February 22, 2021, marked fourth anniversary of the death of Lapwony Micheal Ocan who was an eminent Ugandan public servant, educationalist, peacemaker and church leader.
The Life and Legacy of Lapwony Micheal Ocan is a chronicle of Ocan’s life and times as told by his family, relatives and friends. The 132-page biography that was edited by Dennis D. Muhumuza and Ocan’s eldest son, Jimmy Odoki Acellam, was published by Optimist Media last year.
He was a physics and mathematics teacher at St Joseph’s College Layibi in Gulu District and head teacher at Awere Secondary School.
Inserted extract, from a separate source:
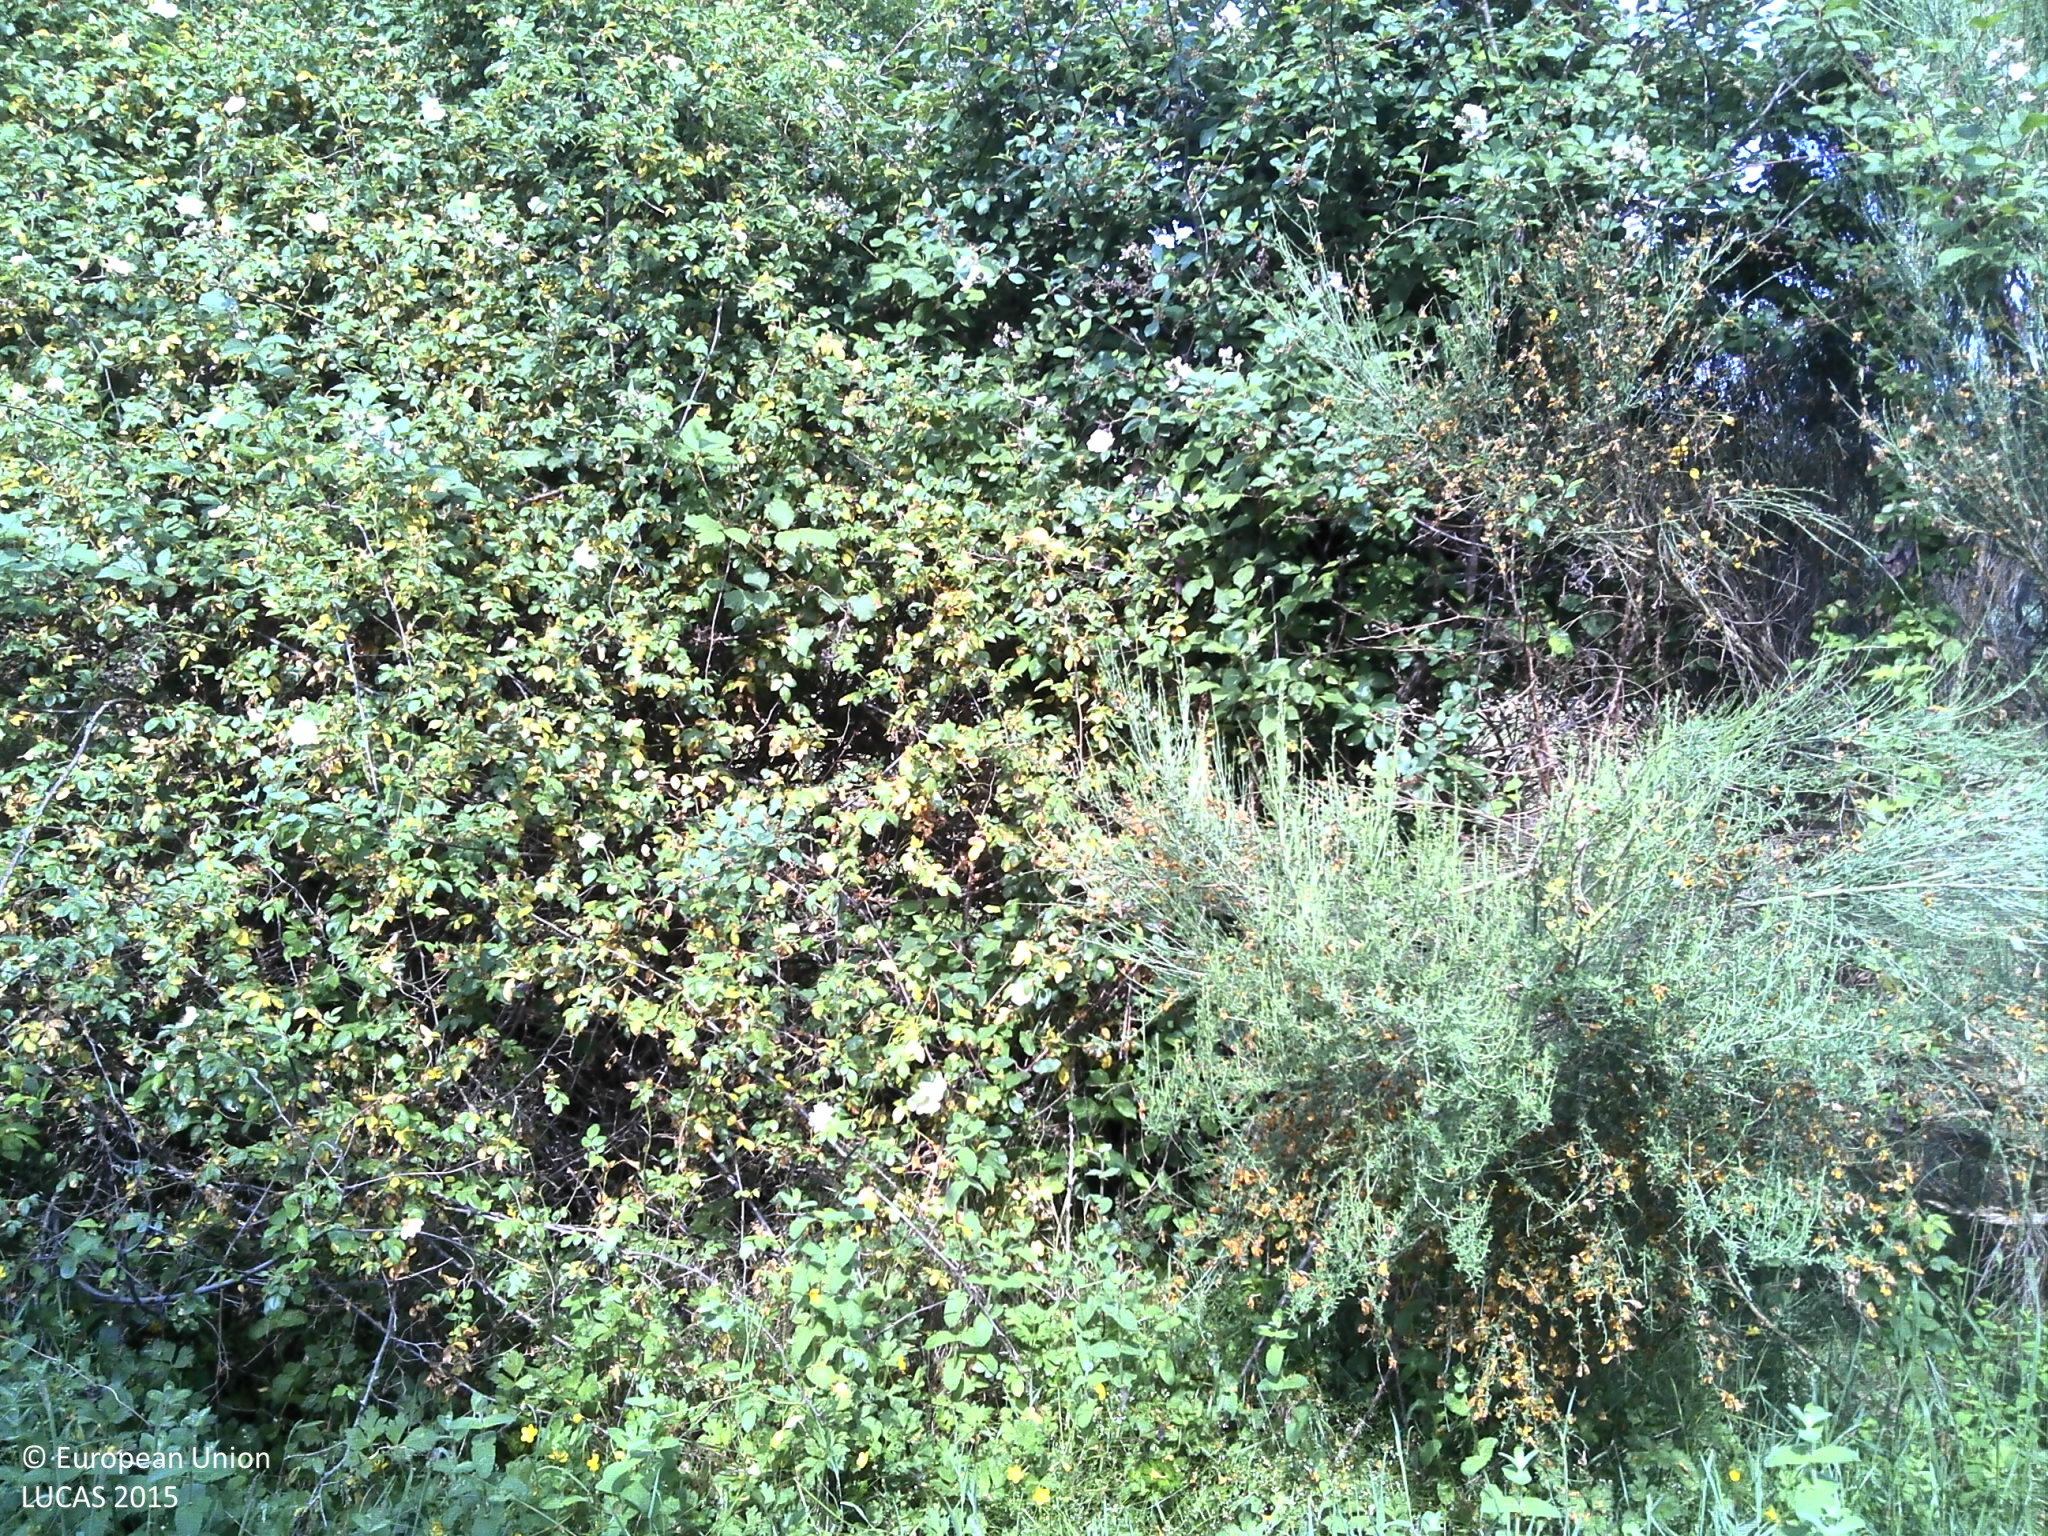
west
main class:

He also taught at Sir Samuel Baker School and Kitgum High School.
Ocan married Betty Aol and they had seven children. Aol is also a teacher. They both taught at St Joseph’s College Layibi.
“He was a good teacher and very much loved by his students because he was very reserved and not given to applying the rod as a disciplinary measure. He preferred speaking to, mentoring and persuading students to approach their studies with the maturity of character that separates boys from men,” his wife Betty Aol writes in The man that was my husband and best friend.
Ocan was enlisted in the Civilian Wing of the Frontline Coordination Team. He was so highly regarded that priestess Alice Auma Lakwena had chosen him to lead the country instead of her if she took over power. This was not to be as Holy Spirit Mobile Forces were defeated in 1987 and Ocan imprisoned.
“It was a tough time for us as a family particularly with me left alone to shoulder the responsibilities of raising a young family as well as live with the constant tension of not knowing the fate of my husband,” recalls Aol, who is the Woman Member of Parliament for Gulu District as well as Leader of Opposition in Parliament.
“Micheal was Alice Lakwena’s prime target because he had only one wife in a community that was predominantly polygamous. Being so religious she wanted recruits as close to ‘holiness’ as possible, and believed that a person with two or more wives didn’t have the kind of protection from the spirits and so could easily get injured on the frontline unlike a man like Micheal who was monogamous and good-hearted,” Aol writes.
Aol says she did not hear from her husband until when the rebels were captured in 1988 close to Jinja District. They were taken as prisoners of war and transferred to Makindye Barracks in Kampala.
According to Aol, Micheal was released in 1989 and was taken to the National Leadership Institute in Kyankwanzi District for training as a cadre.
“He performed so well that the regime wanted to retain him but he asked to be allowed to go back home to Gulu to continue practicing the profession he loved – teaching. Micheal’s wish was granted and he returned to the classroom, and steadily began to rebuild his life again as a husband, father, and educationist.”
As an eye witness and participant in the HSMF, Ocan became a historiographer and ethnographer, taking over the great burden of translating what had happened to a local and global audience. He wrote a brilliant text that became the essential foundation of the book “Alice Lakwena and the Holy Spirits. War in Northern Uganda 1986-97” by Prof Heike Behrend.
A businessman and resident of Lakung Sub-county in Lamwo District, Ben ‘Bukenya’ Okeny writes: “As a devoted member of the Acholi Religious Leaders’ Peace Initiative together with Archbishop John Baptist Odama, Sheikh Musa Khelil and Bishop Onono Onweng, Micheal Ocan played a crucial role in conflict resolution and peace-building process in Acholiland. These were the brains behind the peace negotiation that brought the LRA conflict to an end and Ocan was among them.”
Acellam describes his father as “a versatile and ambidextrous man who wore many hats and made a huge mark in the fields of education, politics, religion, family and social development. He had such a big heart and loved people authentically judging by how many reciprocated in his life and death.”
Acellam says his father was a strict disciplinarian. “He often reminded us that however brilliant one was, without discipline and humility they would go nowhere in life…He did not hesitate to correct us by caning whenever we went astray. This early childhood formation helped us to grow into responsible people.”
Ocan had a spirit of volunteerism and selflessness. He volunteered as Secretary of the Board of the Acholi Education Initiative (AEI), which worked hard to improve the education standards of schools as well as helped many students to get scholarships. He and others made the foundation for the memorial of late Archbishop Janani Luwum.